● **Problem to solve**: Since each line must match the original, copy out the records with no differences at all.

Saved entries
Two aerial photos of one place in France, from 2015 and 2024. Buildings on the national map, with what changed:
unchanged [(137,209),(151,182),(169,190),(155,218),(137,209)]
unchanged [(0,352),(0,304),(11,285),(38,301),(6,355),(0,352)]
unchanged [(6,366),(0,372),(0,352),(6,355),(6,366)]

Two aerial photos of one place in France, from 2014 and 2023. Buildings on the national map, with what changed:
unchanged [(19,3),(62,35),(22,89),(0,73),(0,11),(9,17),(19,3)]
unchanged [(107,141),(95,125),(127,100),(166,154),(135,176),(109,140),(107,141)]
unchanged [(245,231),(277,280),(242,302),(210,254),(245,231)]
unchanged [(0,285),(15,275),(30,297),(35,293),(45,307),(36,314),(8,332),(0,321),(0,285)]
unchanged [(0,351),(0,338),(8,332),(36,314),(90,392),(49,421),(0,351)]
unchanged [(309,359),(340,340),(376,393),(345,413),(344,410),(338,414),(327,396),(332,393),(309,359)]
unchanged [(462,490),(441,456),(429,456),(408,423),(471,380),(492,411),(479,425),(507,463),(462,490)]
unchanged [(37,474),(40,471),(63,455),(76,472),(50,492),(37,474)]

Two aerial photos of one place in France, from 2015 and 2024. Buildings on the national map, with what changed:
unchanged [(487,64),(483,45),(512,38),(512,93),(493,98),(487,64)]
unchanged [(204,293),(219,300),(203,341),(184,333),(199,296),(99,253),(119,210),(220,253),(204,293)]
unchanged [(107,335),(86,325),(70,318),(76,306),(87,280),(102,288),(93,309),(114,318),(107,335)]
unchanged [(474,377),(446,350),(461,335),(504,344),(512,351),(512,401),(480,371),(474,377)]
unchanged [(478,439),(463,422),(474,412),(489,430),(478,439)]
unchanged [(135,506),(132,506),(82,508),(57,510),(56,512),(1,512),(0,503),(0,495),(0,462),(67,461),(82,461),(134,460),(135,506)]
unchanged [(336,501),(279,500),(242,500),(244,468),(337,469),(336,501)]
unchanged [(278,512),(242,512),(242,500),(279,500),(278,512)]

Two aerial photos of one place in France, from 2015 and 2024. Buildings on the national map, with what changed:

● **Finished task**:
Two aerial photos of one place in France, from 2015 and 2024. Buildings on the national map, with what changed:
unchanged [(137,209),(151,182),(169,190),(155,218),(137,209)]
unchanged [(0,352),(0,304),(11,285),(38,301),(6,355),(0,352)]
unchanged [(6,366),(0,372),(0,352),(6,355),(6,366)]

Two aerial photos of one place in France, from 2014 and 2023. Buildings on the national map, with what changed:
unchanged [(19,3),(62,35),(22,89),(0,73),(0,11),(9,17),(19,3)]
unchanged [(107,141),(95,125),(127,100),(166,154),(135,176),(109,140),(107,141)]
unchanged [(245,231),(277,280),(242,302),(210,254),(245,231)]
unchanged [(0,285),(15,275),(30,297),(35,293),(45,307),(36,314),(8,332),(0,321),(0,285)]
unchanged [(0,351),(0,338),(8,332),(36,314),(90,392),(49,421),(0,351)]
unchanged [(309,359),(340,340),(376,393),(345,413),(344,410),(338,414),(327,396),(332,393),(309,359)]
unchanged [(462,490),(441,456),(429,456),(408,423),(471,380),(492,411),(479,425),(507,463),(462,490)]
unchanged [(37,474),(40,471),(63,455),(76,472),(50,492),(37,474)]

Two aerial photos of one place in France, from 2015 and 2024. Buildings on the national map, with what changed:
unchanged [(487,64),(483,45),(512,38),(512,93),(493,98),(487,64)]
unchanged [(204,293),(219,300),(203,341),(184,333),(199,296),(99,253),(119,210),(220,253),(204,293)]
unchanged [(107,335),(86,325),(70,318),(76,306),(87,280),(102,288),(93,309),(114,318),(107,335)]
unchanged [(474,377),(446,350),(461,335),(504,344),(512,351),(512,401),(480,371),(474,377)]
unchanged [(478,439),(463,422),(474,412),(489,430),(478,439)]
unchanged [(135,506),(132,506),(82,508),(57,510),(56,512),(1,512),(0,503),(0,495),(0,462),(67,461),(82,461),(134,460),(135,506)]
unchanged [(336,501),(279,500),(242,500),(244,468),(337,469),(336,501)]
unchanged [(278,512),(242,512),(242,500),(279,500),(278,512)]

Two aerial photos of one place in France, from 2015 and 2024. Buildings on the national map, with what changed:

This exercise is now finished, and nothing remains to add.